②考えられる第一の理由は、真面目な人は健康を守ることに怠りなく、有害で危険なことをあまりしないということだ。  実際、真面目な人は喫煙率も低く、過量に飲酒することも少ない。  薬物を乱用したり、無謀な運転をすることもあまりない。  

③こうしたことから、さまざまな生活習慣病のリスクを下げることができると考えられる。  また事故死など、不慮の死の危険も減るだろう。

④第二の理由は、真面目な人がもつ遺伝的要素には、そもそも病気になりにくい特性が備わっている可能性があるということだ。  そうした遺伝的特性として、フリードマンらが推測している仕組みの一つが、セロトニンシステムである。

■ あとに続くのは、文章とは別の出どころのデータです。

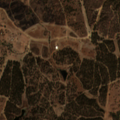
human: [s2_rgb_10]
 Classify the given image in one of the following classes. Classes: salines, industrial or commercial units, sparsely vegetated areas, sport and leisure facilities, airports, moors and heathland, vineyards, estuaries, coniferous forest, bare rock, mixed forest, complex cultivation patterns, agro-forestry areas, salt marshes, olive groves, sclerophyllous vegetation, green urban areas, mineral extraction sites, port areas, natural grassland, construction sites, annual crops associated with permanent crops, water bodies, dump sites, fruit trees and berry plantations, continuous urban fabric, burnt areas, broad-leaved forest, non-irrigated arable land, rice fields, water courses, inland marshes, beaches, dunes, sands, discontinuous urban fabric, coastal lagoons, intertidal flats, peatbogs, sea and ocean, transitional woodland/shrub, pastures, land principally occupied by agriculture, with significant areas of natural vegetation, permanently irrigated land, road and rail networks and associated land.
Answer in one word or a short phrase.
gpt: non-irrigated arable land, pastures, agro-forestry areas, broad-leaved forest, transitional woodland/shrub

⑤セロトニンは脳内の伝達物質であるが、セロトニンの働きが弱いと、衝動的になりやすいことが知られている。  また、セロトニンの働きの低下は不安やうつと関係している。

⑥衝動性のコントロールがうまくできる人は、セロトニン系の働きが良く、危険な行動や耽溺(たんでき・・・不健康な遊びにおぼれること)的行動にも走りにくく、さまざまな危険を避けられるだけでなく、ストレスや不安レベルが低く、病気にかかりにくいのではないかという推測も成り立つだろう。

⑦そして、第三の理由として考えられるのは、真面目で自己コントロールのできる人は、健康的な生活環境を手に入れやすいということである。  実際にこのタイプの人は、より安定した職業生活、より安定した結婚、より安定した対人関係を長く保つ傾向がみられる。  それによって波乱を避け、生活の安定を維持し、無用のストレスを減らし、間接的に健康を守り、結果的に長寿に寄与するということになるのだろう。


2.①愛されることや世話をされることよりも、愛すること、世話をすること、人の助けになることが生存を守るということが、理論ではなく事実として、しかも80年という長期に及ぶデータによって裏付けられたことは大いなる救いを与えてくれているように思う。  (中略)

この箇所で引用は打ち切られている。